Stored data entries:

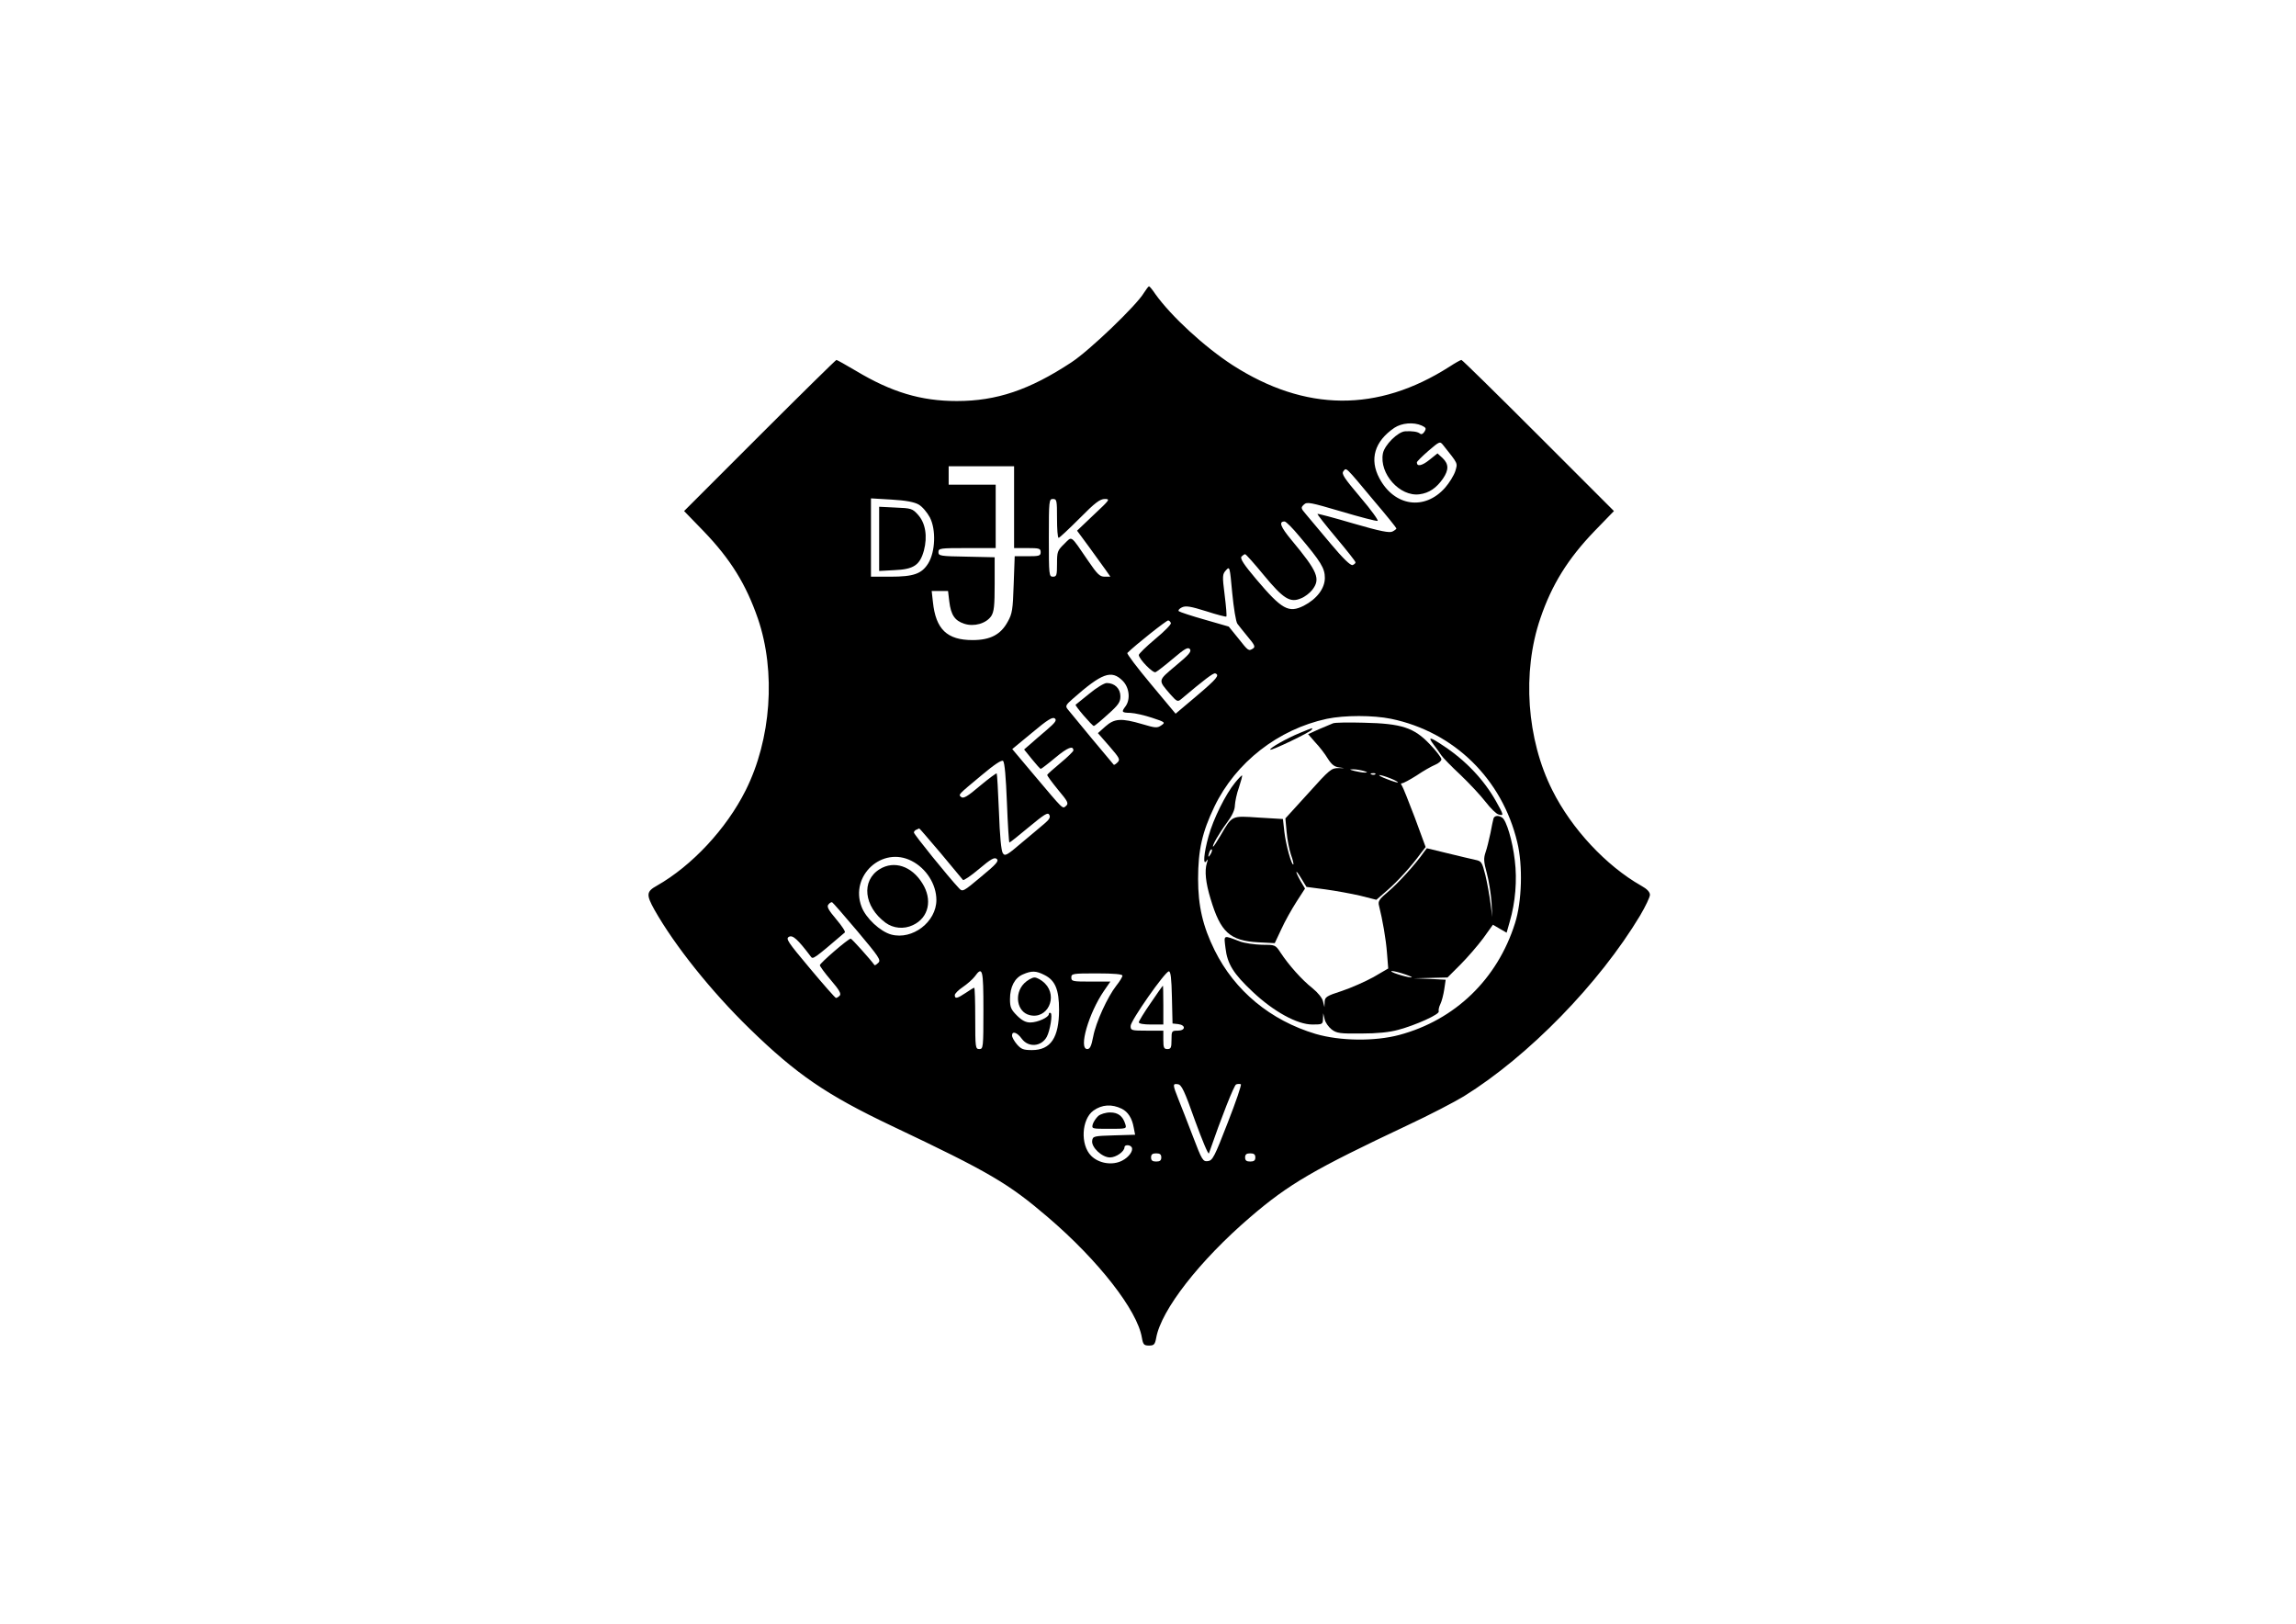 <?xml version="1.0" encoding="UTF-8" standalone="yes"?>
<svg version="1.0" xmlns="http://www.w3.org/2000/svg" width="1122.52" height="793.701" viewBox="0 0 1123 794" preserveAspectRatio="xMidYMid meet">
  <g transform="translate(0,794) scale(0.1,-0.1)" fill="#000000" stroke="none">
    <path d="M5595 6508 c-35 -60 -266 -282 -355 -340 -205 -135 -366 -189 -560
-189 -175 0 -319 43 -494 148 -49 29 -92 53 -95 53 -3 0 -172 -166 -376 -370
l-369 -369 95 -98 c132 -137 208 -260 266 -428 89 -260 65 -591 -60 -840 -94
-188 -263 -369 -434 -466 -52 -29 -53 -44 -12 -118 99 -175 278 -399 465 -581
230 -224 376 -324 696 -476 479 -227 570 -281 763 -446 248 -212 438 -456 460
-589 6 -34 10 -39 35 -39 24 0 29 5 35 37 24 137 213 379 460 591 190 163 311
233 771 450 105 49 228 113 274 141 316 196 662 551 862 884 26 44 48 90 48
101 0 14 -14 29 -43 45 -171 97 -340 278 -434 466 -126 250 -149 578 -59 841
56 165 135 292 265 427 l95 98 -369 369 c-204 204 -373 370 -377 370 -4 0 -31
-15 -60 -34 -350 -223 -704 -220 -1060 9 -137 89 -299 238 -377 347 -14 21
-28 38 -31 38 -3 0 -14 -15 -25 -32z m1359 -649 c21 -10 23 -14 13 -30 -7 -11
-15 -15 -22 -9 -11 9 -37 13 -72 11 -36 -2 -101 -67 -109 -108 -19 -99 83
-213 179 -200 47 6 83 31 115 77 29 43 28 71 -2 100 l-25 23 -40 -32 c-36 -29
-61 -34 -61 -12 0 4 25 29 56 56 56 48 57 48 73 28 74 -93 71 -86 59 -127 -7
-21 -29 -57 -50 -81 -100 -113 -248 -91 -321 46 -50 93 -24 181 73 247 36 24
94 29 134 11z m-1994 -399 l0 -200 65 0 c58 0 65 -2 65 -20 0 -18 -7 -20 -64
-20 l-63 0 -5 -138 c-4 -123 -7 -143 -29 -182 -34 -63 -85 -90 -172 -90 -125
0 -180 53 -194 186 l-6 54 40 0 40 0 6 -51 c8 -66 27 -94 73 -109 48 -16 107
1 132 37 14 22 17 50 17 158 l0 130 -137 3 c-130 2 -138 4 -138 22 0 19 7 20
140 20 l140 0 0 155 0 155 -115 0 -115 0 0 45 0 45 160 0 160 0 0 -200z m1763
28 c59 -69 107 -129 107 -132 0 -3 -9 -10 -19 -15 -14 -8 -60 1 -191 39 -95
28 -174 49 -176 47 -2 -2 39 -54 91 -116 52 -62 95 -116 95 -121 0 -4 -6 -10
-14 -13 -10 -4 -47 32 -109 106 -52 62 -106 126 -120 143 -25 29 -25 32 -9 47
15 14 32 10 182 -34 91 -27 171 -48 178 -46 6 1 -31 53 -84 115 -80 95 -94
115 -83 128 15 18 5 28 152 -148z m-2230 -15 c18 -10 42 -39 55 -63 31 -60 27
-168 -8 -225 -32 -51 -71 -65 -185 -65 l-95 0 0 192 0 191 101 -6 c70 -4 111
-12 132 -24z m677 -68 c0 -52 3 -95 8 -95 4 0 50 43 102 95 76 77 100 95 124
95 27 0 24 -4 -54 -77 l-82 -78 59 -80 c32 -44 69 -95 81 -112 l23 -33 -28 0
c-24 0 -36 12 -81 78 -89 130 -77 121 -117 82 -33 -32 -35 -38 -35 -97 0 -56
-2 -63 -20 -63 -19 0 -20 7 -20 190 0 183 1 190 20 190 19 0 20 -7 20 -95z
m1185 -87 c106 -125 125 -157 125 -204 0 -51 -39 -103 -103 -136 -74 -37 -107
-19 -233 130 -60 71 -79 100 -72 110 6 6 14 12 18 12 4 0 45 -46 91 -102 96
-116 129 -137 182 -114 19 7 43 26 55 41 42 54 28 89 -101 244 -54 65 -64 91
-34 91 7 0 39 -32 72 -72z m-303 -428 c7 -10 31 -39 52 -65 32 -38 37 -48 25
-56 -22 -14 -23 -13 -72 49 l-47 58 -118 34 c-64 18 -121 37 -126 41 -5 4 2
13 15 19 19 9 42 5 119 -19 52 -17 96 -28 98 -26 3 2 -1 49 -8 105 -12 94 -11
102 6 121 19 21 19 19 31 -111 7 -73 18 -140 25 -150z m-325 3 c2 -6 -32 -41
-77 -78 -44 -37 -80 -72 -80 -78 1 -20 69 -90 82 -84 7 3 45 32 85 66 58 49
73 58 83 47 9 -12 -5 -28 -69 -81 -89 -75 -88 -69 -27 -140 32 -36 36 -38 53
-24 114 96 157 129 167 126 23 -8 8 -26 -91 -110 l-103 -87 -121 145 c-67 80
-119 149 -115 152 38 38 193 161 200 159 6 -1 11 -7 13 -13z m-236 -282 c33
-33 39 -91 14 -125 -21 -28 -19 -31 24 -32 22 -1 70 -12 106 -24 64 -21 66
-23 45 -37 -20 -14 -29 -13 -93 6 -102 30 -136 28 -180 -11 l-37 -33 56 -64
c50 -58 54 -65 40 -79 -9 -9 -17 -14 -19 -11 -2 2 -50 60 -108 129 -57 69
-110 133 -117 142 -12 15 -9 21 24 50 144 127 190 144 245 89z m-372 -241
c-29 -25 -66 -56 -81 -70 l-29 -25 38 -47 c21 -26 40 -47 43 -48 3 0 36 25 73
56 59 49 87 60 87 34 0 -4 -28 -32 -62 -60 -35 -29 -64 -55 -66 -59 -1 -4 23
-36 53 -73 48 -57 53 -67 39 -79 -18 -15 -9 -23 -157 152 l-106 126 97 80 c76
64 100 78 111 70 11 -9 3 -20 -40 -57z m1685 55 c308 -64 543 -294 617 -603
28 -114 23 -291 -11 -397 -86 -273 -293 -473 -566 -546 -120 -32 -289 -30
-409 5 -221 66 -396 211 -494 409 -58 117 -81 217 -81 349 0 141 20 229 80
354 104 216 312 378 550 429 87 18 225 18 314 0z m-1879 -410 c4 -107 10 -195
12 -195 3 0 46 34 96 76 75 62 92 73 99 60 7 -12 1 -23 -24 -44 -17 -15 -68
-57 -112 -94 -71 -61 -81 -66 -91 -50 -8 10 -15 87 -19 202 -4 101 -9 186 -11
188 -2 2 -39 -25 -82 -61 -60 -51 -80 -63 -91 -55 -15 13 -20 8 99 107 63 53
98 76 105 70 8 -6 14 -79 19 -204z m-324 -247 c56 -68 105 -126 109 -131 3 -4
39 20 79 54 58 49 75 58 86 49 12 -10 -1 -25 -76 -87 -88 -74 -91 -75 -108
-57 -52 55 -221 264 -221 273 0 5 6 12 13 14 6 3 13 6 13 6 1 1 48 -54 105
-121z m-142 -38 c71 -36 121 -114 121 -191 0 -107 -117 -197 -221 -169 -54 15
-124 80 -145 136 -58 152 101 298 245 224z m-265 -344 c105 -125 116 -141 102
-154 -9 -9 -17 -14 -19 -11 -21 29 -111 129 -116 129 -12 0 -151 -120 -151
-130 0 -5 24 -38 54 -73 41 -48 52 -67 43 -76 -6 -6 -14 -11 -18 -11 -4 0 -61
65 -128 145 -109 130 -119 145 -102 154 18 10 43 -12 107 -97 10 -14 13 -13
166 118 5 3 -14 32 -42 65 -39 46 -47 62 -38 72 6 8 14 12 18 11 4 -2 60 -66
124 -142z m616 -386 c0 -183 -1 -190 -20 -190 -19 0 -20 7 -20 150 0 83 -2
150 -5 150 -2 0 -21 -11 -41 -25 -42 -28 -54 -31 -54 -11 0 7 18 25 39 39 22
15 48 38 58 51 39 54 43 37 43 -164z m299 172 c52 -26 71 -71 71 -170 0 -136
-41 -197 -132 -197 -42 0 -53 4 -74 28 -13 15 -24 35 -24 43 0 24 25 16 48
-16 33 -44 96 -38 122 10 16 30 29 110 19 116 -5 3 -9 1 -9 -5 0 -16 -55 -41
-91 -41 -22 0 -41 10 -65 34 -29 29 -34 41 -34 80 0 60 23 104 63 121 43 19
65 18 106 -3z m623 -109 l3 -128 28 -3 c38 -5 36 -32 -3 -32 -29 0 -30 -2 -30
-45 0 -38 -3 -45 -20 -45 -17 0 -20 7 -20 45 l0 45 -80 0 c-76 0 -80 1 -80 23
0 26 169 267 187 267 9 0 13 -34 15 -127z m-242 106 c0 -6 -13 -28 -30 -49
-43 -55 -100 -179 -113 -249 -9 -47 -16 -61 -29 -61 -44 0 7 176 82 285 l31
45 -96 0 c-88 0 -95 1 -95 20 0 19 7 20 125 20 85 0 125 -4 125 -11z m355
-709 c35 -96 65 -168 68 -160 62 179 123 333 133 337 8 3 18 3 23 1 5 -1 -24
-86 -64 -188 -65 -168 -74 -185 -97 -188 -24 -3 -29 4 -73 120 -26 68 -58 150
-71 182 -29 73 -29 78 -3 74 18 -2 32 -31 84 -178z m-358 58 c30 -15 50 -46
58 -91 l7 -36 -103 -3 c-99 -3 -104 -4 -107 -26 -5 -32 48 -82 87 -82 30 0 71
29 71 50 0 13 27 13 35 0 10 -16 -13 -49 -47 -66 -47 -24 -113 -14 -151 24
-54 54 -47 179 11 221 42 30 90 33 139 9z m193 -238 c0 -15 -7 -20 -25 -20
-18 0 -25 5 -25 20 0 15 7 20 25 20 18 0 25 -5 25 -20z m460 0 c0 -15 -7 -20
-25 -20 -18 0 -25 5 -25 20 0 15 7 20 25 20 18 0 25 -5 25 -20z"/>
    <path d="M4300 5305 l0 -157 74 4 c95 4 125 24 145 96 18 69 8 134 -29 175
-27 30 -33 32 -109 35 l-81 4 0 -157z"/>
    <path d="M5328 4548 c-35 -28 -65 -53 -67 -54 -5 -4 81 -104 89 -104 4 0 34
25 68 56 53 47 62 61 62 89 0 38 -28 65 -67 65 -12 0 -50 -23 -85 -52z"/>
    <path d="M6520 4403 c-8 -3 -39 -16 -69 -29 l-53 -24 35 -40 c20 -21 48 -57
61 -79 20 -31 33 -41 58 -44 30 -4 30 -4 -5 -3 -35 0 -43 -6 -148 -123 l-112
-123 6 -66 c3 -37 13 -87 21 -111 9 -24 14 -46 12 -48 -8 -8 -37 97 -44 159
l-7 63 -118 7 c-136 9 -129 12 -188 -89 -17 -29 -33 -53 -35 -53 -9 0 29 66
67 117 26 35 39 63 39 85 1 18 9 58 20 88 10 30 17 56 15 58 -1 2 -17 -14 -34
-35 -46 -56 -107 -178 -130 -263 -23 -82 -28 -146 -10 -120 8 11 8 9 2 -10
-12 -38 -6 -97 18 -175 49 -164 94 -205 234 -213 l80 -4 32 68 c17 38 51 98
74 134 l42 65 -22 37 c-29 52 -26 62 4 12 l25 -41 92 -12 c51 -7 128 -21 171
-31 l79 -20 53 46 c52 45 119 119 164 181 l24 31 -53 144 c-30 79 -58 149 -63
156 -6 8 -6 12 1 12 6 0 38 17 71 38 32 22 73 45 90 52 17 7 31 19 31 27 0 8
-25 41 -57 74 -77 81 -137 101 -323 105 -74 2 -142 1 -150 -3z m150 -233 c20
-6 21 -8 5 -8 -11 0 -33 4 -50 8 -27 7 -27 8 -5 8 14 0 36 -4 50 -8z m57 -16
c-3 -3 -12 -4 -19 -1 -8 3 -5 6 6 6 11 1 17 -2 13 -5z m73 -20 c23 -9 39 -18
37 -20 -2 -2 -25 5 -53 16 -27 10 -43 19 -37 20 7 0 31 -7 53 -16z m-879 -371
c-12 -20 -14 -14 -5 12 4 9 9 14 11 11 3 -2 0 -13 -6 -23z"/>
    <path d="M6358 4356 c-64 -26 -152 -76 -145 -82 5 -6 195 85 202 97 8 12 9 12
-57 -15z"/>
    <path d="M7012 4299 c13 -17 30 -41 38 -53 8 -12 50 -55 94 -96 43 -41 98
-100 122 -131 24 -31 52 -59 64 -62 26 -7 26 -4 -14 67 -59 104 -147 197 -256
269 -67 45 -78 46 -48 6z"/>
    <path d="M7305 3938 c-2 -7 -9 -39 -15 -72 -7 -32 -17 -75 -24 -94 -10 -30 -9
-46 6 -101 10 -36 20 -100 23 -141 l4 -75 -9 69 c-5 38 -16 100 -25 137 -16
63 -19 68 -48 74 -18 4 -78 18 -135 32 l-103 25 -16 -21 c-37 -54 -126 -152
-173 -191 -44 -37 -51 -47 -45 -69 17 -68 34 -163 39 -232 l6 -75 -72 -42
c-40 -22 -110 -53 -155 -68 -75 -24 -83 -30 -84 -53 l-1 -26 -7 28 c-3 16 -25
43 -52 65 -51 40 -116 113 -156 174 -25 38 -26 38 -92 38 -36 1 -84 8 -106 16
-84 32 -79 34 -71 -32 9 -78 39 -126 134 -215 102 -96 217 -159 291 -159 49 0
51 1 52 28 l1 27 7 -29 c3 -16 19 -38 34 -50 25 -19 42 -21 145 -20 78 0 138
6 181 18 86 23 203 76 198 90 -2 6 1 22 8 36 7 14 15 46 19 72 l7 47 -78 4
-78 3 83 2 82 2 63 63 c34 34 84 92 111 128 l48 67 34 -20 33 -19 15 53 c28
95 37 204 25 301 -11 95 -41 196 -62 209 -18 12 -37 10 -42 -4z m-400 -777
c-6 -5 -95 20 -100 29 -2 4 20 0 50 -9 29 -9 52 -18 50 -20z"/>
    <path d="M4303 3690 c-92 -56 -78 -183 28 -262 38 -28 90 -33 134 -12 78 36
97 125 46 205 -52 84 -138 112 -208 69z"/>
    <path d="M5009 3131 c-50 -51 -35 -140 27 -155 87 -22 140 89 75 155 -16 16
-39 29 -51 29 -12 0 -35 -13 -51 -29z"/>
    <path d="M5628 3035 c-32 -46 -58 -89 -58 -94 0 -7 24 -11 60 -11 l60 0 0 95
c0 52 -1 95 -2 95 -2 -1 -29 -39 -60 -85z"/>
    <path d="M5372 2483 c-11 -10 -23 -28 -27 -40 -6 -23 -5 -23 80 -23 85 0 86 0
79 23 -12 39 -35 57 -74 57 -22 0 -47 -8 -58 -17z"/>
  </g>
</svg>

■ **ACTION ITEM**: Starting with the line with "45 -96 0 c-88" above and going on through the line with "-27 30 -33 32", transcribe every line exactly, both ends included, and add nothing.

■ **PROBLEM SOLUTION**:
45 -96 0 c-88 0 -95 1 -95 20 0 19 7 20 125 20 85 0 125 -4 125 -11z m355
-709 c35 -96 65 -168 68 -160 62 179 123 333 133 337 8 3 18 3 23 1 5 -1 -24
-86 -64 -188 -65 -168 -74 -185 -97 -188 -24 -3 -29 4 -73 120 -26 68 -58 150
-71 182 -29 73 -29 78 -3 74 18 -2 32 -31 84 -178z m-358 58 c30 -15 50 -46
58 -91 l7 -36 -103 -3 c-99 -3 -104 -4 -107 -26 -5 -32 48 -82 87 -82 30 0 71
29 71 50 0 13 27 13 35 0 10 -16 -13 -49 -47 -66 -47 -24 -113 -14 -151 24
-54 54 -47 179 11 221 42 30 90 33 139 9z m193 -238 c0 -15 -7 -20 -25 -20
-18 0 -25 5 -25 20 0 15 7 20 25 20 18 0 25 -5 25 -20z m460 0 c0 -15 -7 -20
-25 -20 -18 0 -25 5 -25 20 0 15 7 20 25 20 18 0 25 -5 25 -20z"/>
    <path d="M4300 5305 l0 -157 74 4 c95 4 125 24 145 96 18 69 8 134 -29 175
-27 30 -33 32 -109 35 l-81 4 0 -157z"/>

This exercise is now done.